------ DATA SHOWN
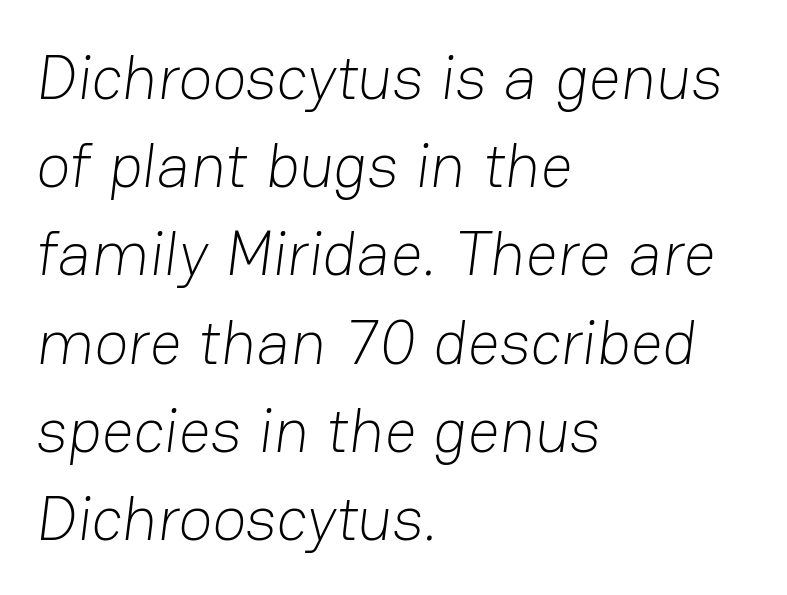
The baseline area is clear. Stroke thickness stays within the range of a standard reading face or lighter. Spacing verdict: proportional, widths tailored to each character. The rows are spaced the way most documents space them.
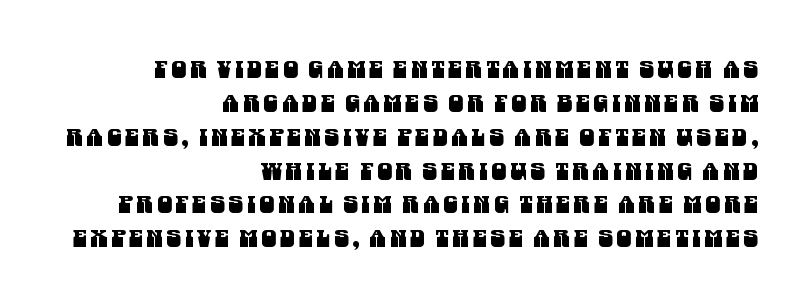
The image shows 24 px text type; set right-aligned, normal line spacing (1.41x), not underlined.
------------
------ DATA SHOWN
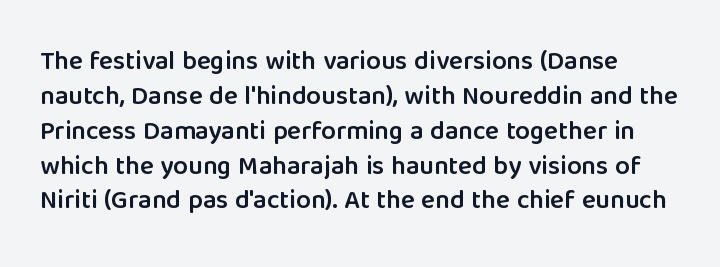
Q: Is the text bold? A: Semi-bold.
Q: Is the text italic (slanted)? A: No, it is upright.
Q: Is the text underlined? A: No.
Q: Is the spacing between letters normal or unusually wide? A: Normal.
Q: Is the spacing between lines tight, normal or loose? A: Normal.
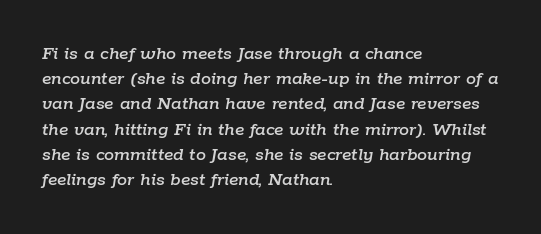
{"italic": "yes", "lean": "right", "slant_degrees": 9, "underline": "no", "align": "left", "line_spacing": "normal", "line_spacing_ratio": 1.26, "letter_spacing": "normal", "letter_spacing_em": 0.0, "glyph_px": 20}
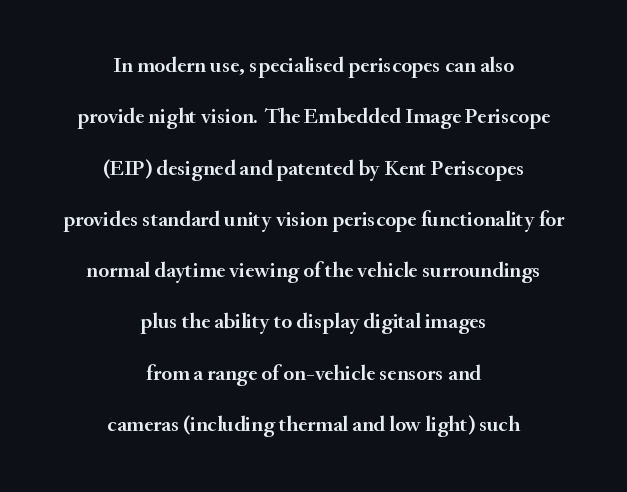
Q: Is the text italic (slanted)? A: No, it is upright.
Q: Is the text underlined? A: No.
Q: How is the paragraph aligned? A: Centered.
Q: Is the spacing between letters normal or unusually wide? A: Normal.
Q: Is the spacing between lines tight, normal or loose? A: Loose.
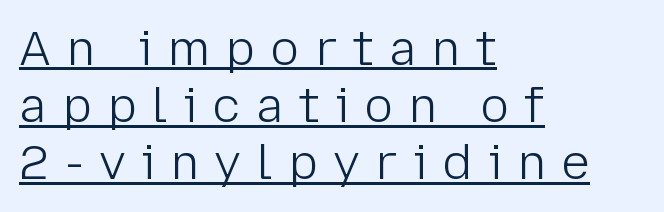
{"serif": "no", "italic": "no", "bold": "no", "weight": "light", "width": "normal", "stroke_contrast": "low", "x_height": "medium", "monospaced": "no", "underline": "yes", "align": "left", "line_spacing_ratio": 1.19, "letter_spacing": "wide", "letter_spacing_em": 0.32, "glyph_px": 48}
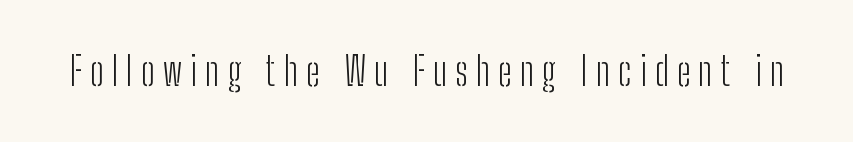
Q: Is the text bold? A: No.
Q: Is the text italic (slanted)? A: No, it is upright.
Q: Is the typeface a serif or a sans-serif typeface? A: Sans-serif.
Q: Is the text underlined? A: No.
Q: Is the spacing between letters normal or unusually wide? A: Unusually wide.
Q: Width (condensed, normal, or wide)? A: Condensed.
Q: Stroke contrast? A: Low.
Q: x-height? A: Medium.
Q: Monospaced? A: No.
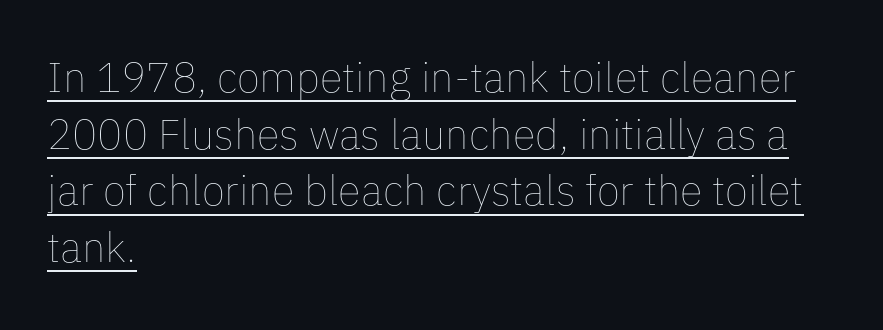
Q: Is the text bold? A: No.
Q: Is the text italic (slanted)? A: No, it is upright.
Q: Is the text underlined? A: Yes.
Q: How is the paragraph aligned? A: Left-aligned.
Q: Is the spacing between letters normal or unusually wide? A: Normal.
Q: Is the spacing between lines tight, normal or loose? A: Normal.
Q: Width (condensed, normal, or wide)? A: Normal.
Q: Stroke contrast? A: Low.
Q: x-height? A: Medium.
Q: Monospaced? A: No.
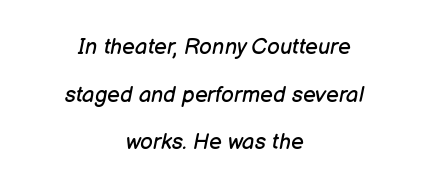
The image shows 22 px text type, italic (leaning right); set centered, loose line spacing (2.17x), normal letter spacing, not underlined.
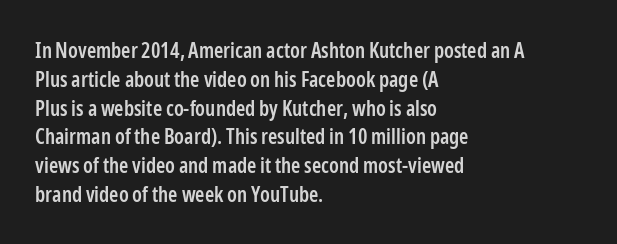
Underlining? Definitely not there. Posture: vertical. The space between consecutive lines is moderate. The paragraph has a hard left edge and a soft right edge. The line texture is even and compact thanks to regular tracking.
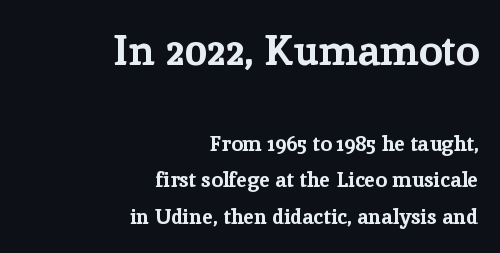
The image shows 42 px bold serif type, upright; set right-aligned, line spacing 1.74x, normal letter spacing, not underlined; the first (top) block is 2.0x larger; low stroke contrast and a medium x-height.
------------
------ DATA SHOWN
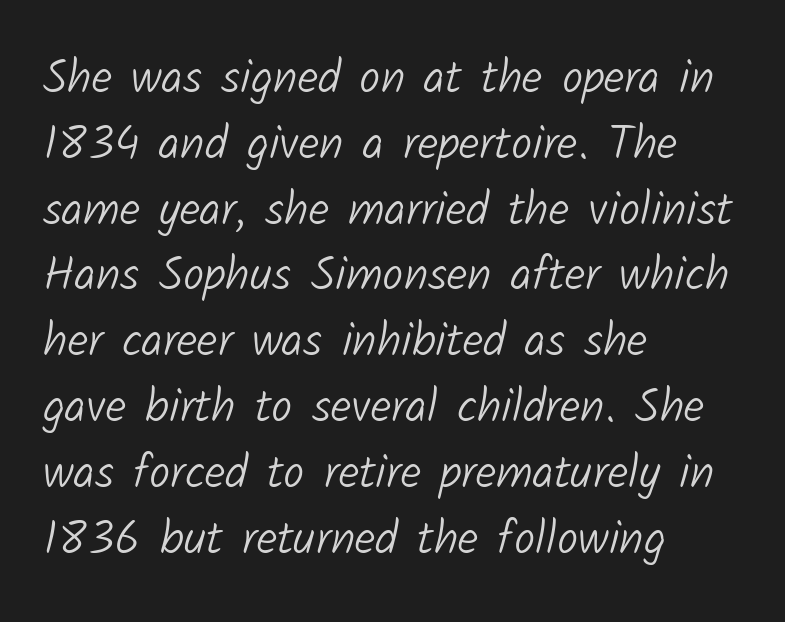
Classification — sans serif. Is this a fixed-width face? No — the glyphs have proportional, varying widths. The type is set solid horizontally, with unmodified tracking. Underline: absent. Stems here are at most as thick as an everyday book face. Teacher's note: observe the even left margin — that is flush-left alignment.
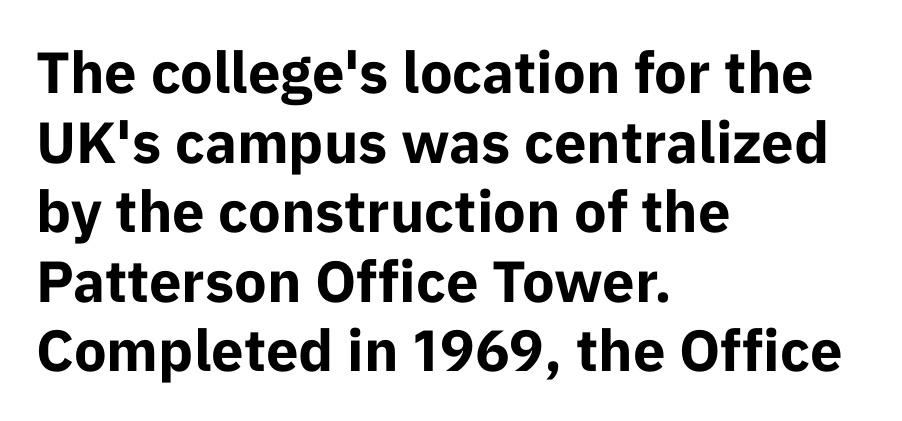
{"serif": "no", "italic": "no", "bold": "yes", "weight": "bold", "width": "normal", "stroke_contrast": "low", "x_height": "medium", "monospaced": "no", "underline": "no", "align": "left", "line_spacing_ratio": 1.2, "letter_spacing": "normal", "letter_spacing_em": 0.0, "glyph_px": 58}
------------
In the listing, find all lines with the string "shows" and copy them.

- WRITTEN SOLUTION -
The image shows 24 px text type; set right-aligned, normal line spacing (1.41x), not underlined.
The image shows 22 px text type, italic (leaning right); set centered, loose line spacing (2.17x), normal letter spacing, not underlined.
The image shows 42 px bold serif type, upright; set right-aligned, line spacing 1.74x, normal letter spacing, not underlined; the first (top) block is 2.0x larger; low stroke contrast and a medium x-height.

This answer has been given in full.